-- Opening Marker --

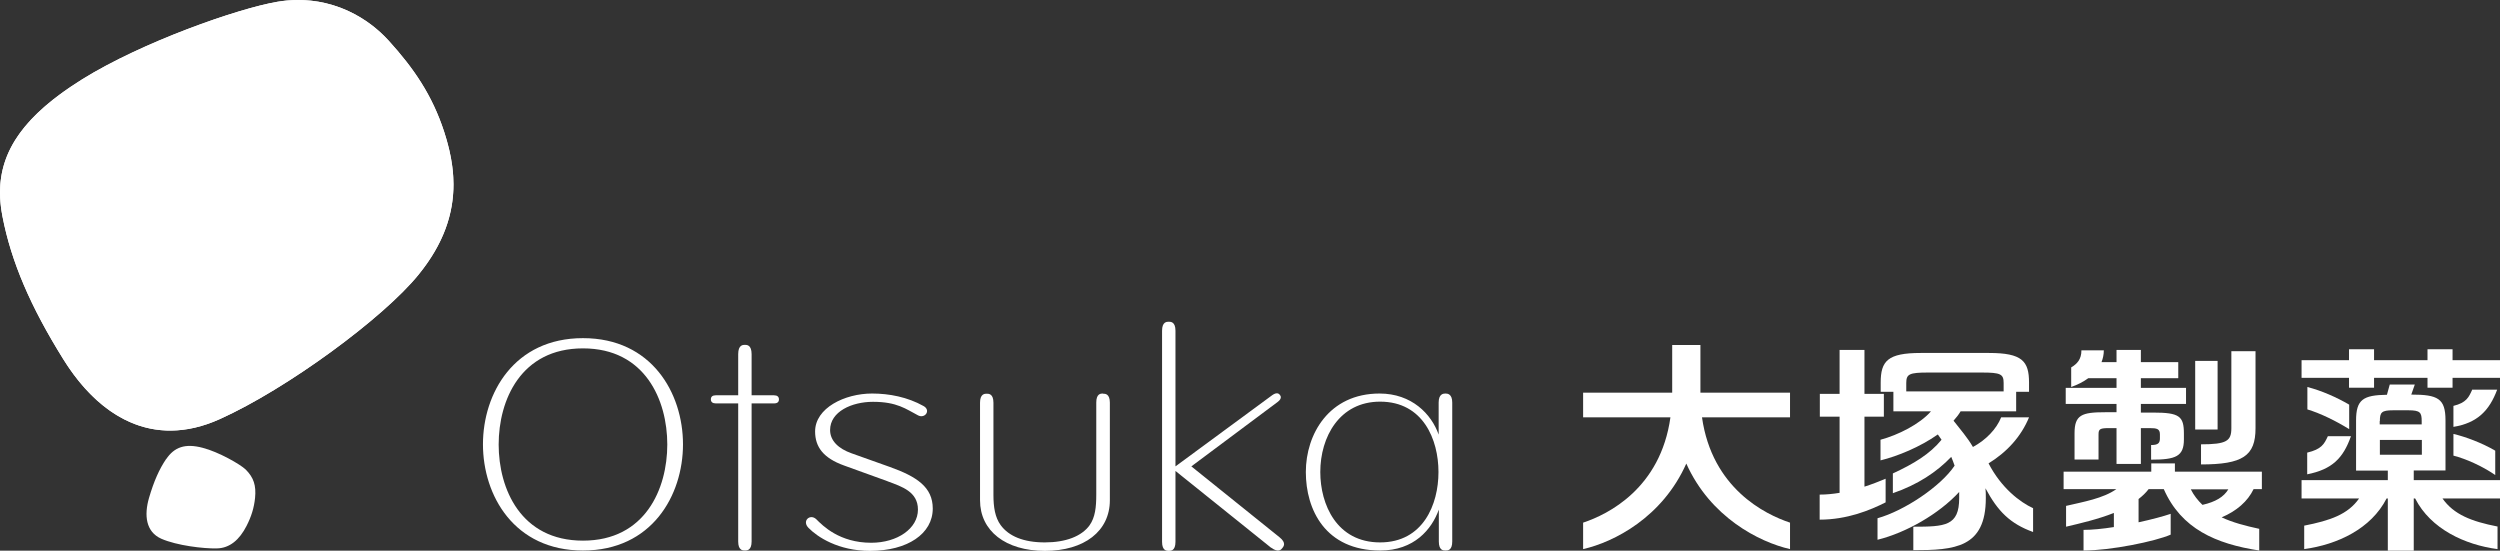 <?xml version="1.0" encoding="UTF-8"?>
<svg id="_レイヤー_2" data-name="レイヤー 2" xmlns="http://www.w3.org/2000/svg" viewBox="0 0 141.73 31.22">
  <rect x="0" y="0" width="141.73" height="31.22" fill="#333333" stroke="none"/>
  <defs>
    <style>
      .cls-1, .cls-2 {
        fill: #fff;
      }

      .cls-2 {
        stroke-width: 0px;
      }
    </style>
  </defs>
  <g id="layout">
    <g>
      <g>
        <path class="cls-2" d="M.14,12.27c-.58-2.98.63-5.35,4.53-7.78C8.07,2.38,13.49.48,15.73.1c2.6-.44,4.86.62,6.3,2.2,1.43,1.58,2.47,3.09,3.15,5.17.86,2.63.86,5.26-1.46,8.11-1.98,2.44-7.44,6.46-11.26,8.18-3.82,1.72-6.86-.16-8.88-3.41C1.73,17.38.64,14.85.14,12.27"/>
        <path class="cls-1" d="M16.91,0C16.53,0,16.13.03,15.73.1c-2.24.38-7.66,2.28-11.06,4.39C1.38,6.54,0,8.54,0,10.91c0,.44.05.89.14,1.36.5,2.58,1.59,5.11,3.44,8.08,1.49,2.41,3.55,4.06,6.07,4.06.88,0,1.82-.2,2.81-.65,3.82-1.72,9.27-5.73,11.26-8.18,1.45-1.78,1.99-3.48,1.99-5.14,0-1-.21-1.98-.53-2.97-.68-2.08-1.72-3.6-3.15-5.17C20.82.97,19.01,0,16.91,0"/>
        <path class="cls-2" d="M9.42,26.03c.46-.68,1.07-.91,2.08-.64.89.23,2.12.93,2.43,1.23.45.45.6.9.53,1.61-.06.57-.21,1.05-.48,1.58-.4.79-.96,1.27-1.69,1.28-.73.02-2.27-.16-3.15-.55-.87-.39-.98-1.32-.69-2.32.27-.92.57-1.61.97-2.2Z"/>
        <path class="cls-2" d="M33.05,30.65c-3.53,0-4.78-2.94-4.78-5.45s1.25-5.45,4.78-5.45,4.78,2.94,4.78,5.45-1.25,5.45-4.78,5.45ZM33.05,19.17c-3.9,0-5.67,3.12-5.67,6.02s1.77,6.02,5.67,6.02,5.67-3.12,5.67-6.02-1.77-6.02-5.67-6.02Z"/>
        <path class="cls-2" d="M43.88,22.41h-1.27v-2.33c0-.53-.27-.53-.38-.53s-.38,0-.38.53v2.33h-1.27c-.19,0-.28.08-.28.23s.1.23.28.23h1.27v7.83c0,.51.27.51.38.51s.38,0,.38-.51v-7.83h1.27c.19,0,.28-.08.28-.23s-.1-.23-.28-.23Z"/>
        <path class="cls-2" d="M50.31,27.28c-.49-.18-1.92-.69-2.46-.89-1.17-.42-1.64-1.05-1.64-1.93,0-1.33,1.68-2.15,3.23-2.15.97,0,2.01.2,2.92.71.43.24.08.73-.31.53-.69-.36-1.19-.77-2.56-.77-1.19,0-2.43.55-2.43,1.6,0,.61.48,1.06,1.22,1.32.23.08,1.88.67,2.16.77,1.54.55,2.44,1.15,2.44,2.36,0,1.43-1.43,2.4-3.56,2.4-1.8,0-2.98-.79-3.48-1.3-.4-.4.09-.83.44-.49.36.36,1.31,1.33,3.11,1.33,1.49,0,2.65-.81,2.65-1.88,0-1.01-.9-1.3-1.71-1.6Z"/>
        <path class="cls-2" d="M62.53,22.31c-.12,0-.38,0-.38.51v5.22c0,.71-.06,1.29-.38,1.74-.45.62-1.34.97-2.54.97s-2.04-.35-2.5-.98c-.32-.44-.41-1.02-.41-1.72v-5.22c0-.51-.27-.51-.38-.51s-.38,0-.38.51v5.53c0,1.74,1.45,2.87,3.68,2.87s3.68-1.12,3.68-2.87v-5.53c0-.51-.27-.51-.38-.51Z"/>
        <path class="cls-2" d="M72.07,31.05c.4.3.56.11.63.02.07-.09.24-.29-.16-.61l-5-4.02,4.89-3.65c.26-.19.18-.35.13-.4-.04-.06-.16-.18-.43.01l-5.49,4.04v-7.69c0-.51-.27-.51-.38-.51s-.38,0-.38.51v11.97c0,.51.27.51.38.51s.38,0,.38-.51v-4.02l5.43,4.36Z"/>
        <path class="cls-2" d="M78.24,30.75c-2.46,0-3.39-2.15-3.39-3.99,0-1.99,1.09-3.99,3.39-3.99,2.44,0,3.31,2.15,3.31,3.99s-.87,3.99-3.31,3.99ZM81.94,22.31c-.11,0-.38.02-.38.51v1.82c-.41-1.17-1.53-2.33-3.35-2.33-2.87,0-4.18,2.31-4.18,4.45s1.11,4.45,4.22,4.45c1.92,0,2.92-1.2,3.32-2.32v1.81c0,.51.26.51.38.51s.38,0,.38-.51v-7.88c0-.49-.27-.51-.38-.51Z"/>
      </g>
      <g>
        <path class="cls-2" d="M96.4,19.56h-1.6v2.7h-5.05v1.4h4.95c-.56,4.02-3.53,5.5-4.95,5.97v1.5c1.76-.4,4.5-1.81,5.85-4.85,1.36,3.04,4.13,4.45,5.88,4.85v-1.5c-1.42-.47-4.42-1.95-4.99-5.97h4.99v-1.4h-5.08v-2.7Z"/>
        <path class="cls-2" d="M106.9,27.14c-.36.15-.76.31-1.2.45v-3.97h1.1v-1.29h-1.1v-2.49h-1.41v2.49h-1.12v1.29h1.12v4.32c-.37.06-.74.1-1.13.1v1.42c1.55,0,2.85-.53,3.74-.98v-1.33Z"/>
        <rect class="cls-2" x="124.45" y="20.46" width="1.27" height="3.89"/>
        <path class="cls-2" d="M123.31,26.27h-1.35v.47h-4.97v.99h2.99c-.75.53-1.87.72-2.85.95v1.18c.85-.2,1.83-.43,2.71-.78v.8c-.63.1-1.23.16-1.72.16v1.17c1.55,0,4.07-.52,4.94-.9v-1.18c-.41.14-1.08.32-1.82.48v-1.32c.22-.17.41-.35.57-.56h.86c.99,2.25,2.95,3.1,5.41,3.48v-1.23c-.79-.17-1.51-.36-2.13-.65.85-.36,1.48-.91,1.81-1.6h.47v-.99h-4.93v-.47ZM124.86,28.62c-.26-.25-.49-.54-.66-.88h2.13c-.26.43-.72.71-1.46.88Z"/>
        <path class="cls-2" d="M120,23.37h-.65c-1.33,0-1.74.15-1.74,1.19v1.49h1.36v-1.42c0-.32.09-.36.64-.36h.38v2.03h1.38v-2.03h.49c.42,0,.59.04.59.36v.22c0,.27-.1.38-.5.38v.83c1.41,0,1.86-.19,1.86-1.15v-.33c0-.99-.26-1.19-1.74-1.19h-.7v-.49h2.56v-.91h-2.56v-.55h2.12v-.91h-2.12v-.69h-1.38v.69h-.85c.08-.21.13-.43.13-.67h-1.27c0,.52-.25.77-.58.97v1.11c.37-.13.7-.3.97-.5h1.6v.55h-2.88v.91h2.88v.49Z"/>
        <path class="cls-2" d="M124.78,26.33c2.36,0,3.09-.48,3.09-2.05v-4.37h-1.37v4.37c0,.72-.27.91-1.72.91v1.14Z"/>
        <polygon class="cls-2" points="139.04 20.42 139.04 19.8 137.62 19.8 137.62 20.42 134.59 20.42 134.59 19.8 133.17 19.8 133.17 20.42 130.48 20.42 130.48 21.42 133.17 21.42 133.17 21.98 134.59 21.98 134.59 21.42 137.62 21.42 137.62 21.98 139.04 21.98 139.04 21.42 141.73 21.42 141.73 20.42 139.04 20.42"/>
        <path class="cls-2" d="M133.18,22.94c-.72-.42-1.56-.79-2.37-1v1.27c.76.23,1.63.66,2.37,1.12v-1.38Z"/>
        <path class="cls-2" d="M139.09,25.83c.7.18,1.61.58,2.37,1.1v-1.38c-.75-.44-1.69-.79-2.37-.95v1.24Z"/>
        <path class="cls-2" d="M140.16,22.08c-.2.45-.34.75-1.07.93v1.19c1.36-.22,2.04-.93,2.48-2.11h-1.4Z"/>
        <path class="cls-2" d="M130.8,26.89c1.41-.28,2.04-.91,2.48-2.16h-1.31c-.21.46-.37.74-1.17.93v1.23Z"/>
        <path class="cls-2" d="M112.72,26.28c1.06-.65,1.86-1.53,2.31-2.62h-1.58c-.27.67-.86,1.28-1.6,1.68-.32-.55-.72-1-1.1-1.49.15-.17.29-.34.4-.53h3.15v-1.11h.73v-.52c0-1.22-.39-1.68-2.27-1.68h-3.87c-1.87,0-2.27.45-2.27,1.68v.52h.72v1.11h2.13c-.64.73-1.86,1.34-2.86,1.61v1.17c.98-.24,2.24-.76,3.25-1.47.07.1.14.2.21.3-.66.81-1.57,1.36-2.76,1.91v1.12c1.4-.48,2.49-1.2,3.31-2.06.07.16.13.33.19.5-.79,1.18-2.86,2.56-4.37,2.98v1.22c1.62-.4,3.48-1.46,4.63-2.71,0,.11,0,.23,0,.35,0,1.58-.8,1.62-2.6,1.62v1.33c2.34,0,4.11-.13,4.11-2.95,0-.2,0-.38-.02-.56.7,1.31,1.4,2.01,2.7,2.48v-1.35c-.74-.34-1.8-1.14-2.53-2.55ZM109.29,21.12h3.07c1.06,0,1.23.09,1.23.59v.48h-5.52v-.48c0-.5.17-.59,1.23-.59Z"/>
        <path class="cls-2" d="M136.84,26.67h1.8v-2.84c0-1.24-.43-1.46-1.94-1.46l.2-.57h-1.42l-.16.58c-1.35.02-1.75.27-1.75,1.46v2.84h1.8v.54h-4.89v1.04h3.26c-.63.9-1.63,1.25-3.11,1.54v1.33c1.89-.26,3.79-1.15,4.67-2.87h.07v2.98h1.47v-2.98h.08c.88,1.73,2.83,2.63,4.67,2.87v-1.28c-1.48-.29-2.48-.68-3.12-1.59h3.26v-1.04h-4.89v-.54ZM134.92,23.87c0-.49.09-.61.75-.61h.87c.67,0,.75.13.75.61v.19h-2.38v-.19ZM134.92,24.94h2.38v.84h-2.38v-.84Z"/>
      </g>
    </g>
  </g>
</svg>

-- Closing Marker --

Every line of the listing that includes the word "stroke" belongs in the answer.

- **REPLY TO THE EXERCISE**:
  <rect x="0" y="0" width="141.73" height="31.22" fill="#333333" stroke="none"/>
        stroke-width: 0px;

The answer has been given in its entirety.